Il est difficile de savoir si, dans l’agenda de la visite, la question des catholiques américains sera posée. Donald Trump répond aux attentes des catholiques américains sur l’avortement. Par exemple, il a supprimé  les subventions en faveur des lobbies pro-avortement. Il est entouré de personnes qui n’ont jamais caché leur opposition à l’avortement comme Mike Pence. Enfin, il a nommé Neil Gorsuch à la Cour suprême fin janvier. Or ce juge pro-vie va trancher des questions sociétales et départager les huit juges (quatre progressistes contre quatre conservateurs) de la Cour... Le Saint-Siège sait aussi qu’il est opposé à la théorie du genre.

Bref, toutes ces questions seront sûrement abordées au cours de cette rencontre et peuvent constituer ces fameux points communs dont parlait François. Même s’il en parle moins que son prédécesseur Jean-Paul II, le pape François a évoqué l’avortement à plusieurs reprises en le dénonçant non pas comme « un mal mineur » mais comme « un crime ». Enfin, le pape François sait très bien qu’une majorité de catholiques a voté pour Donald Trump. Même s’il perçoit mal la réalité des classes moyennes américaines avec sa grille de lecture d’Américain du Sud, il ne peut éluder cette réalité.

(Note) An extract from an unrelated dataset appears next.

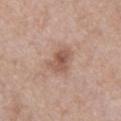Assessment: Recorded during total-body skin imaging; not selected for excision or biopsy. Clinical summary: A region of skin cropped from a whole-body photographic capture, roughly 15 mm wide. On the chest. The lesion's longest dimension is about 3.5 mm. Captured under white-light illumination. A female patient, aged 38–42.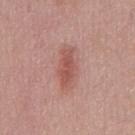Captured during whole-body skin photography for melanoma surveillance; the lesion was not biopsied. The lesion is located on the front of the torso. Longest diameter approximately 4.5 mm. Automated tile analysis of the lesion measured an average lesion color of about L≈53 a*≈26 b*≈25 (CIELAB), roughly 10 lightness units darker than nearby skin, and a lesion-to-skin contrast of about 7 (normalized; higher = more distinct). It also reported border irregularity of about 3 on a 0–10 scale, a within-lesion color-variation index near 2.5/10, and peripheral color asymmetry of about 1. Captured under white-light illumination. A male subject, approximately 45 years of age. A roughly 15 mm field-of-view crop from a total-body skin photograph.

Une question sur laquelle on pourrait s'attendre à un certain désaccord entre le pape et Trump pourrait être l'écologie. Quelle est l'ampleur de cette nouvelle mission politique pour le Vatican ? 

Je reprends là aussi ce qu’à dit le pape François après sa visite au Portugal. Dans le respect, le Saint-Siège va exposer son point de vue sur la question. En sincérité et sans calcul politique. En fait, l’écologie et la question des migrants constituent potentiellement les deux points de friction entre les deux partis. Mais le pape est un homme qui construit des ponts, parfois sur le temps long. C’est précisément sa force par rapport aux démocraties occidentales qui entrent dans des processus à court terme, rythmés par les élections.  

Néanmoins, il sera intéressant de voir comment Donald Trump sera accueilli. On se souvient du regard noir que le pape François avait porté sur François Hollande venu le visiter en janvier 2014… Je ne crois pas qu’il aura le même regard. Il existe aussi chez les deux hommes une forme de populisme propre au continent américain, différent des mouvements populistes européens. Trump a été élu démocratiquement par une Amérique qui se sent à la marge de la mondialisation. Cette réalité peut aussi les rapprocher.